С этими словами она уже неспешно, почти торжественно развернула письмо и погрузилась в чтение.
«Орсинь, мы так давно не говорили с тобой по душам, что я составляю это письмо даже с удовольствием. Уж кем-кем, а интересным собеседником ты была всегда. И знаешь, за недели раздумий мне пришла в голову одна любопытная мысль. Вспомни сказки, где герой обязательно завоёвывает свою избранницу и дальше они живут долго и счастливо? Но что, если расставания – естественная и даже необходимая вещь? Мы что-то кому-то даём и сами взамен получаем нечто ценное, чтобы двигаться дальше. И мы должны быть благодарны за эту встречу и этот дар. А потом мы снова идём вперёд, уже обновлённые и немного изменившиеся. Да, у всего в этом мире есть свой срок: у гор, у живых существ, у отношений, у воспоминаний. Но так ли это плохо? Ведь, как по мне, трансформация – это главный принцип жизни.
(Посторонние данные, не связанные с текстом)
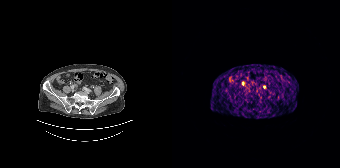
No tumor lesions annotated on this slice.
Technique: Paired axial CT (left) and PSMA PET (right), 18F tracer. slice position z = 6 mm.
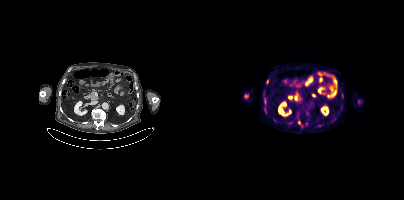
Findings: Coordinates are on the 200×200 PET (right) panel. (showing 2 of 3 foci) Small PSMA-avid foci (2 to 4 px across) near (center x, center y): (63, 81), (94, 122).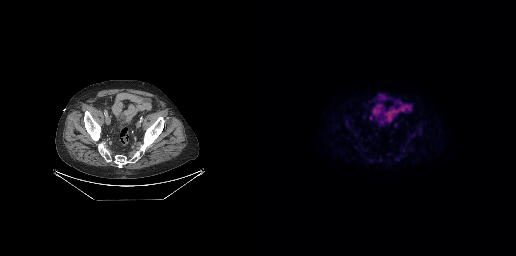
{"modality":"PSMA PET/CT","view":"axial","tracer":"18F","pet_grid":[256,256],"coord_frame":"pet_panel","coord_format":"x0,y0,x1,y1","psma_avid_lesions":false}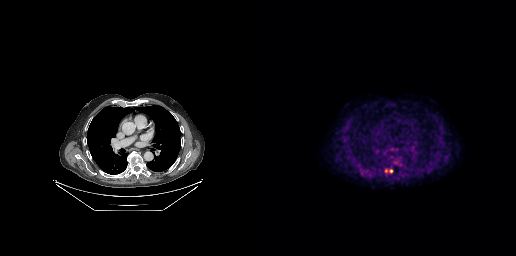
Findings: Coordinates are on the 256×256 PET (right) panel. Small PSMA-avid foci (2 to 4 px across) near (center x, center y): (131, 170) / (126, 170).
Technique: Left: CT. Right: PSMA PET, same axial level, [18F]PSMA-1007 tracer. slice position z = -281 mm. PET panel 256×256 px (2.7 mm/px).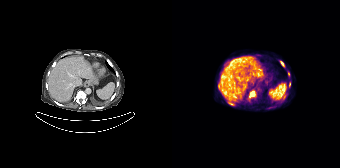
Findings: Coordinates are on the 168×168 PET (right) panel. (showing 5 of 7 foci) PSMA-avid tumor lesion bounding boxes (x0,y0,x1,y1): [76,91,84,100] [108,61,112,66] [117,82,118,86]. Small PSMA-avid foci (2 to 4 px across) near (center x, center y): (56, 102) (116, 74).
Technique: Two-panel axial: CT | PSMA PET, 68Ga tracer. slice 101 of 165. PET panel 168×168 px (4.1 mm/px).
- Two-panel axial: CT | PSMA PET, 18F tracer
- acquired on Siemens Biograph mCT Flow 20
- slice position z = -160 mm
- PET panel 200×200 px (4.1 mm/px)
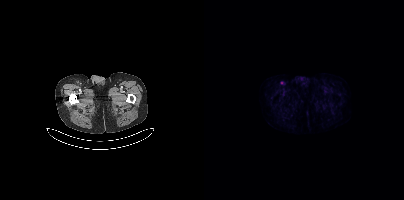
Findings: Negative for PSMA-avid disease on this slice.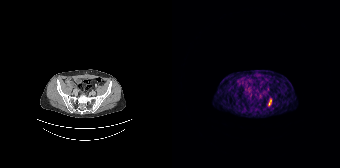
Coordinates are on the 168×168 PET (right) panel. PSMA-avid tumor lesion bounding box (x0,y0,x1,y1): [96,99,99,105]. Two-panel axial: CT | PSMA PET, 68Ga-PSMA tracer. Slice 48 of 165.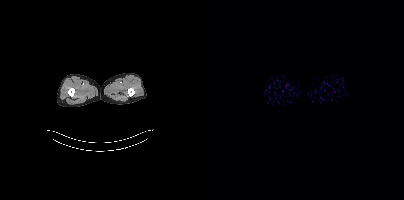
{"pet_grid":[200,200],"coord_frame":"pet_panel","coord_format":"x0,y0,x1,y1","psma_avid_lesions":false,"modality":"PSMA PET/CT","view":"axial","tracer":"18F"}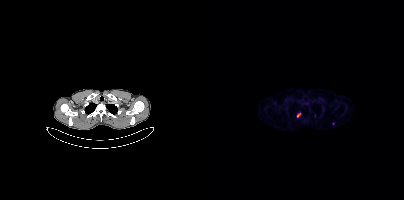
modality: PSMA PET/CT | tracer: 68Ga-PSMA | view: axial | PET grid: 200×200
Coordinates are on the 200×200 PET (right) panel. (showing 1 of 2 foci) PSMA-avid tumor lesion bounding box (x, y, width, height): x=93 y=113 w=5 h=5.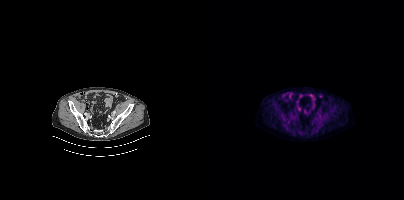
Technique: Two-panel axial: CT | PSMA PET, [18F]PSMA-1007 tracer. slice position z = 46 mm. PET panel 200×200 px (4.1 mm/px).
Findings: No tumor lesions annotated on this slice.
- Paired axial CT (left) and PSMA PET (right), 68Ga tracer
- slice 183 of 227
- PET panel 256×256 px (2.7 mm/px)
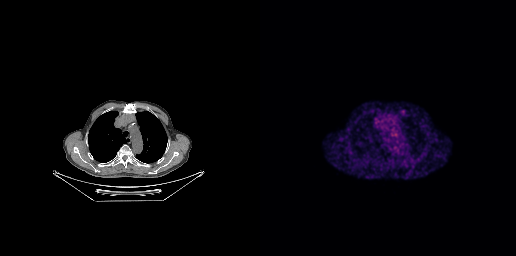
Findings: No PSMA-avid tumor lesions on this slice.
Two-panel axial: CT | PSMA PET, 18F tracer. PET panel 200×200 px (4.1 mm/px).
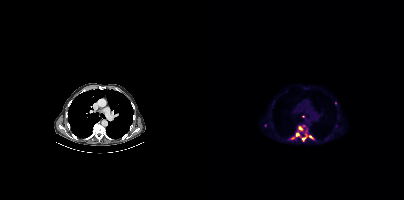
Coordinates are on the 200×200 PET (right) panel. (showing 7 of 9 foci) PSMA-avid tumor lesion bounding boxes (x, y, width, height): x=95 y=125 w=7 h=6; x=92 y=132 w=4 h=5. Small PSMA-avid foci (2 to 4 px across) near (center x, center y): (99, 139); (131, 103); (106, 136); (99, 116); (88, 137).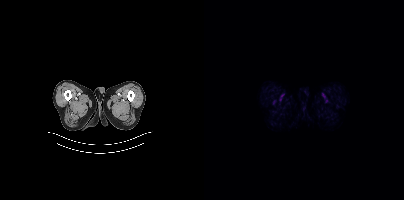
modality: PSMA PET/CT | tracer: 18F | view: axial | PET grid: 200×200
No tumor lesions annotated on this slice.
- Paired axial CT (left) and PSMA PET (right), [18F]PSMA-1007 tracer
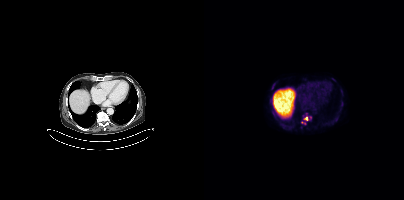
Findings: Coordinates are on the 200×200 PET (right) panel. (showing 2 of 5 foci) PSMA-avid tumor lesion bounding box (x0,y0,x1,y1): [100,117,104,119]. Small PSMA-avid focus (2 to 4 px across) near (center x, center y): (100, 114).
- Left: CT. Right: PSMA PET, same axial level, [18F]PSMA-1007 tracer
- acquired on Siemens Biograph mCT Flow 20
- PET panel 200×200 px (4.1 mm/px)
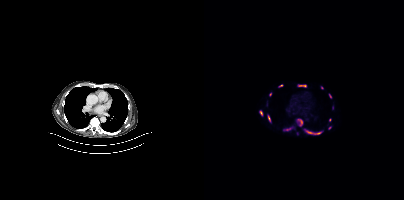
Findings: Coordinates are on the 200×200 PET (right) panel. (showing 11 of 13 foci) PSMA-avid tumor lesion bounding boxes (x0, y0)-(x1, y1): (100, 129)-(118, 134); (94, 85)-(102, 87); (95, 120)-(98, 126); (55, 110)-(58, 114); (82, 128)-(87, 130); (64, 116)-(66, 121). Small PSMA-avid foci (2 to 4 px across) near (center x, center y): (76, 85); (126, 95); (66, 94); (126, 120); (125, 128).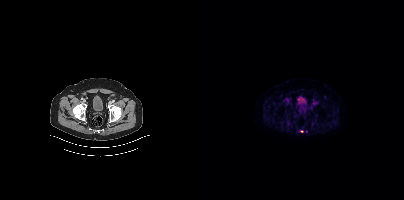
Paired axial CT (left) and PSMA PET (right), 18F-PSMA tracer. Acquired on Siemens Biograph mCT Flow 20. PET panel 200×200 px (4.1 mm/px). Negative for PSMA-avid disease on this slice.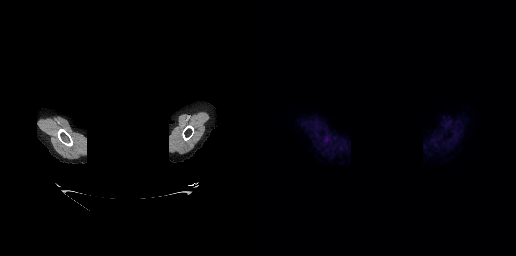
Privacy masking over the head, with the pixels inside a rectangle set to black.
This slice has no annotated PSMA-avid lesion.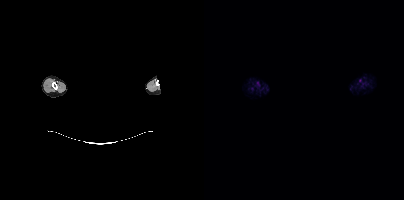
{"pet_grid":[200,200],"coord_frame":"pet_panel","coord_format":"x0,y0,x1,y1","psma_avid_lesions":false,"de-identification":"face masked with black rectangle","modality":"PSMA PET/CT","view":"axial","tracer":"18F"}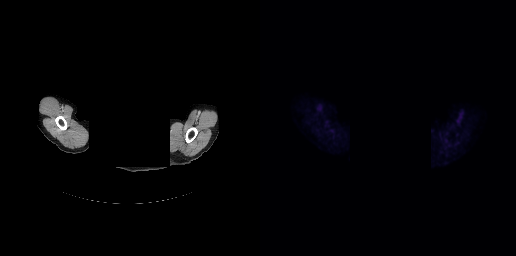
modality: PSMA PET/CT | tracer: 18F | view: axial | de-identification: head region blanked (face removed)
This slice has no annotated PSMA-avid lesion.
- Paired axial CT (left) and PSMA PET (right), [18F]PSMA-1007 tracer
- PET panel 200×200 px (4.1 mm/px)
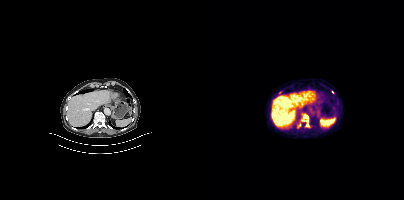
Findings: Coordinates are on the 200×200 PET (right) panel. (showing 4 of 5 foci) PSMA-avid tumor lesion bounding box (x, y, width, height): x=99 y=114 w=7 h=14. Small PSMA-avid foci (2 to 4 px across) near (center x, center y): (128, 92); (96, 125); (68, 100).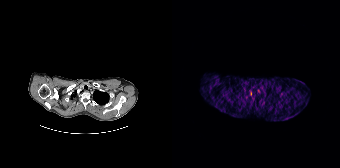
{"modality":"PSMA PET/CT","view":"axial","tracer":"68Ga-PSMA","pet_grid":[168,168],"coord_frame":"pet_panel","coord_format":"x0,y0,x1,y1","psma_avid_lesions":false}
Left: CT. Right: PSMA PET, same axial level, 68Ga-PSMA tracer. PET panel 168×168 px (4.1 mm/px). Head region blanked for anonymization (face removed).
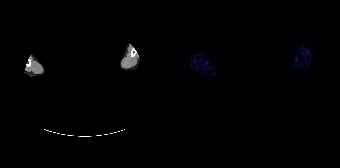
No PSMA-avid tumor lesions on this slice.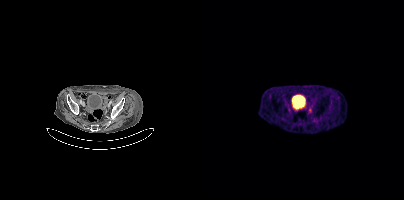
Findings: Coordinates are on the 200×200 PET (right) panel. Small PSMA-avid focus (2 to 4 px across) near (center x, center y): (106, 110).
Technique: Paired axial CT (left) and PSMA PET (right), [68Ga]Ga-PSMA-11 tracer. acquired on Siemens Biograph mCT Flow 20.
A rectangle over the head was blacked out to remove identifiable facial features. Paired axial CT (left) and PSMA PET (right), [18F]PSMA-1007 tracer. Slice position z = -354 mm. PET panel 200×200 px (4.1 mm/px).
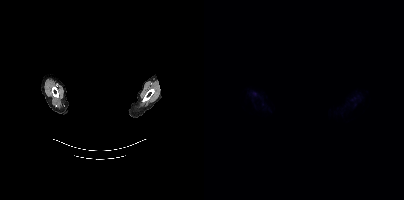
No PSMA-avid tumor lesions on this slice.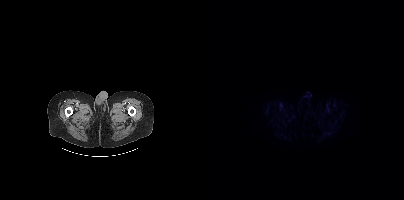
This slice has no annotated PSMA-avid lesion.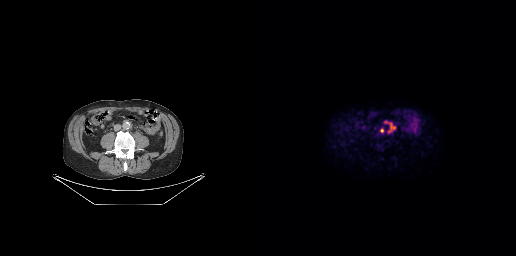
Coordinates are on the 256×256 PET (right) panel. PSMA-avid tumor lesion bounding boxes (x, y, width, height): x=124 y=121 w=12 h=13 | x=120 y=128 w=5 h=6.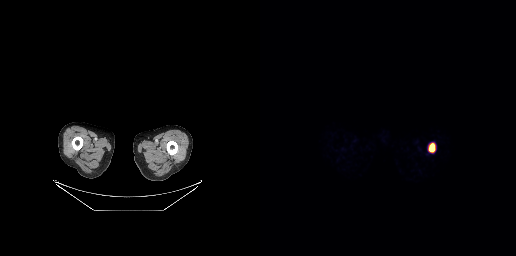
Left: CT. Right: PSMA PET, same axial level, 68Ga-PSMA tracer. Slice 25 of 263.
Coordinates are on the 256×256 PET (right) panel. PSMA-avid tumor lesion bounding boxes:
| # | x0 | y0 | x1 | y1 |
|---|---|---|---|---|
| 1 | 169 | 144 | 174 | 151 |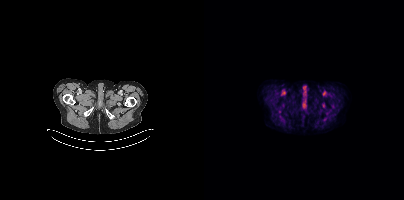
- Paired axial CT (left) and PSMA PET (right), 18F tracer
- acquired on Siemens Biograph mCT Flow 20
- slice 36 of 429
Findings: This slice has no annotated PSMA-avid lesion.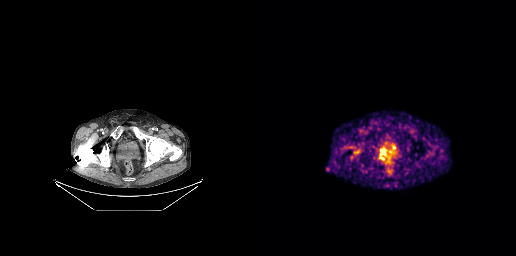
Findings: Coordinates are on the 256×256 PET (right) panel. PSMA-avid tumor lesion bounding box (x, y, width, height): x=118 y=148 w=14 h=16.
Technique: Paired axial CT (left) and PSMA PET (right), 68Ga tracer. slice 63 of 263.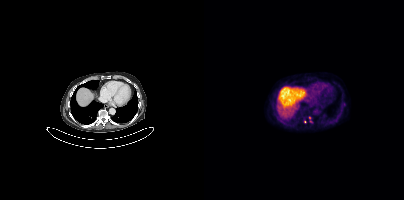
modality: PSMA PET/CT | tracer: 18F | view: axial
Coordinates are on the 200×200 PET (right) panel. (showing 1 of 2 foci) Small PSMA-avid focus (2 to 4 px across) near (center x, center y): (99, 117).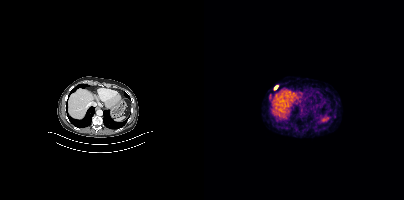
Technique: Paired axial CT (left) and PSMA PET (right), [68Ga]Ga-PSMA-11 tracer. acquired on Siemens Biograph mCT Flow 20.
Findings: Coordinates are on the 200×200 PET (right) panel. Small PSMA-avid focus (2 to 4 px across) near (center x, center y): (71, 87).
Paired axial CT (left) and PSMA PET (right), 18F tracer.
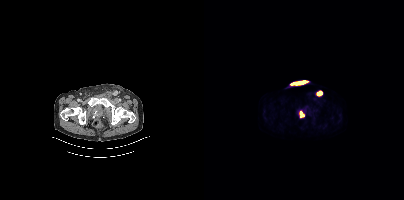
Coordinates are on the 200×200 PET (right) panel. PSMA-avid tumor lesion bounding boxes (x0, y0)-(x1, y1): (112, 91)-(118, 96); (96, 111)-(100, 117).
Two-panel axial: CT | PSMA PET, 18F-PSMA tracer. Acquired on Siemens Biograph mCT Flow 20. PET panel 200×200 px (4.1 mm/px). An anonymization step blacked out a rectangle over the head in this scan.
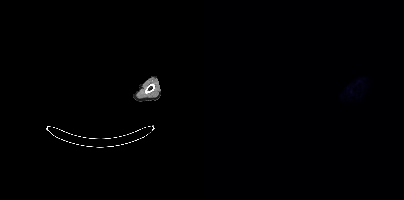
Negative for PSMA-avid disease on this slice.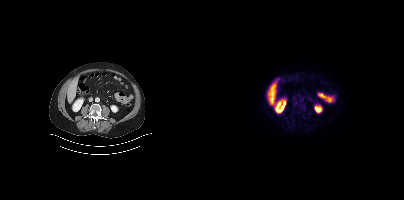
Findings: No tumor lesions annotated on this slice.
Technique: Two-panel axial: CT | PSMA PET, [18F]PSMA-1007 tracer. acquired on Siemens Biograph mCT Flow 20. slice 165 of 413. PET panel 200×200 px (4.1 mm/px).
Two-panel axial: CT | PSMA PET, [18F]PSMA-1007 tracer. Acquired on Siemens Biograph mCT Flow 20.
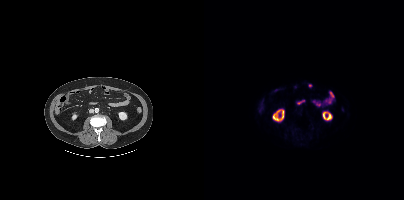
This slice has no annotated PSMA-avid lesion.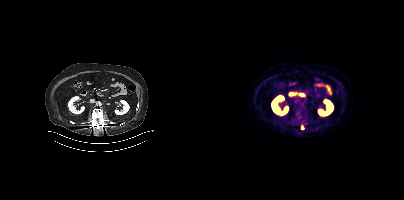
Coordinates are on the 200×200 PET (right) panel. Small PSMA-avid focus (2 to 4 px across) near (center x, center y): (98, 128). Paired axial CT (left) and PSMA PET (right), 18F tracer.
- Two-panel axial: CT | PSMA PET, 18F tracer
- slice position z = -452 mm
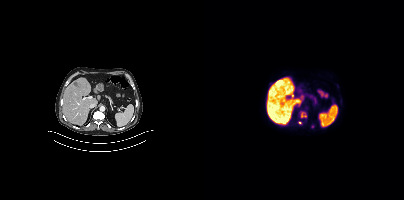
Findings: Coordinates are on the 200×200 PET (right) panel. PSMA-avid tumor lesion bounding box (x0, y0)-(x1, y1): (97, 112)-(102, 117). Small PSMA-avid focus (2 to 4 px across) near (center x, center y): (96, 122).
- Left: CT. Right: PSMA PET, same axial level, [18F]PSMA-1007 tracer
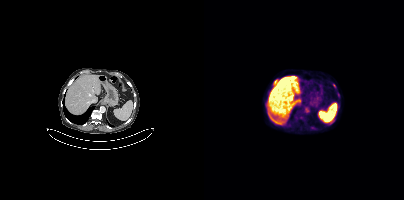
Findings: Coordinates are on the 200×200 PET (right) panel. (showing 1 of 2 foci) Small PSMA-avid focus (2 to 4 px across) near (center x, center y): (71, 80).

Давным-давно я бежал из дворца, потому что не знал, кто я. Мой разум пожирали ужасы детства, и мой дом превратился для меня в клетку. И все мои слова об ответственности, боязни кого-то обидеть или подавить – это была не доброта. Это была беспомощность. Но теперь я обрёл способность действовать, даже если в глубине души предпочёл бы иную судьбу. В чём-то я понял своего отца.
Но та, кому я обязан исцелением, – это ты, Орсинь. Ты стала для меня и другом, и матерью, и женой. Ты несла непомерную ношу, о которой сама не подозревала. Ты пробудила во мне гордость, без которой не бывает воли, ты дала мне всё, что может дать женщина мужчине. Каждое слово, сказанное тобою, продолжает освещать мой путь по сей день. Мы ведь всегда останемся друзьями, не правда ли?
Я всегда уважал тебя за отвагу и предприимчивость и верю, что ты нужна Белой империи. Как, мне кажется, и она нужна тебе. Но если я ошибаюсь, ты всегда вольна отправиться, куда пожелаешь.
Если же пожелаешь остаться, общая цель – это то, на чём мы можем построить наши новые отношения. Они не будут прежними, но они могут остаться уважительными».
Орсинь вздохнула, расслабленно откидываясь на спинку кресла.
– Он предлагает формальный союз, – пояснила она Пьерше, который напряжённо следил за её мимикой. – Ты прав, я уже слишком много значу для Белой империи, чтобы сбрасывать меня со счетов. Что ж, это поступок не юнца, дальновидного правителя. Хотя именно юношеская страсть привела нас к этому исходу.
– Но ты же не собираешься становиться затворницей? – с лёгкой усмешкой осведомился Пьерше.
– Только не думай, что я буду принадлежать исключительно тебе, – несколько надменно протянула эльфийка. – Я устала от обязательств и не собираюсь ни в чём себя ограничивать. Больше никаких клятв, обетов и тому подобного.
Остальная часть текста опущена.